Clayton Williams Energy Inc. has agreed to sell “substantially all” of its assets in the Giddings Area in East Central Texas for $400 million to an undisclosed buyer as it continues a “transformation” embarked upon earlier this year. The deal will make the company a Permian Basin pure-play.
Closing is expected in December, subject to conditions and adjustments, and proceeds are to be used to fund development in the Delaware Basin as well as repay a portion of outstanding debt. The sale will strengthen the balance sheet and transition Midland, TX-based Clayton Williams into a pure-play Permian Basin company, it said. The company has about 70,000 net acres in the southern Delaware.

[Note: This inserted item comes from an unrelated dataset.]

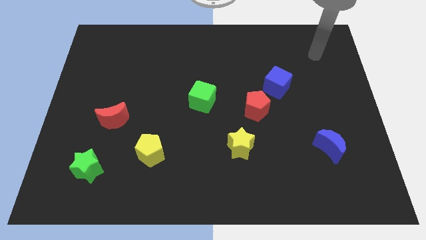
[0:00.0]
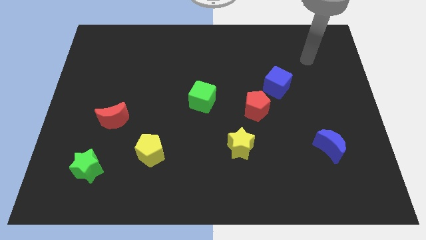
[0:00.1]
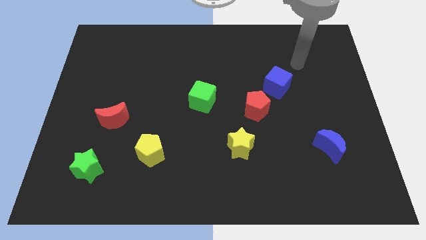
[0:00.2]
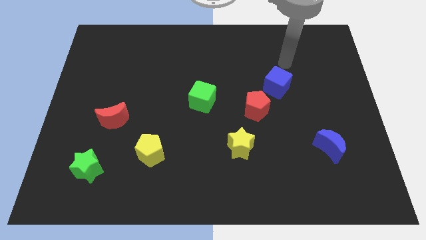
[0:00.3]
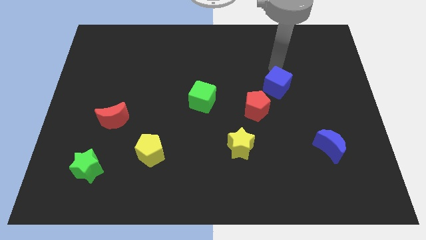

Wunderlich Securities Inc. analysts wrote Tuesday that they are glad to see Clayton Williams selling up in its Legacy Giddings Field to focus on the Permian, “…especially in light of how much costs have come down in the Delaware Basin and drilling in the area has largely derisked [the company’s] acreage. Notionally, this sale is very accretive to our NAV [net asset value] estimate as we did not assign much value to the Giddings acreage.”
Properties being sold produced an average of about 3,900 boe/d (80% oil) for the quarter ended Sept. 30 and accounted for about 9.7 million boe of proved reserves.
Clayton Williams has struggled amid the oil patch meltdown. The company bought time earlier this year with a debt refinancing (see Shale Daily, March 11). A review of strategic options had already begun the preceding fall (see Shale Daily, Oct. 15, 2015).
The company also said that effective at the end of October, Patrick G. Cooke will join the company as senior vice president and COO. For the past four years, Cooke has served in various management capacities with Noble Energy, his most recent position being Texas business unit manager where he had direct management responsibilities over Noble’s Delaware Basin assets.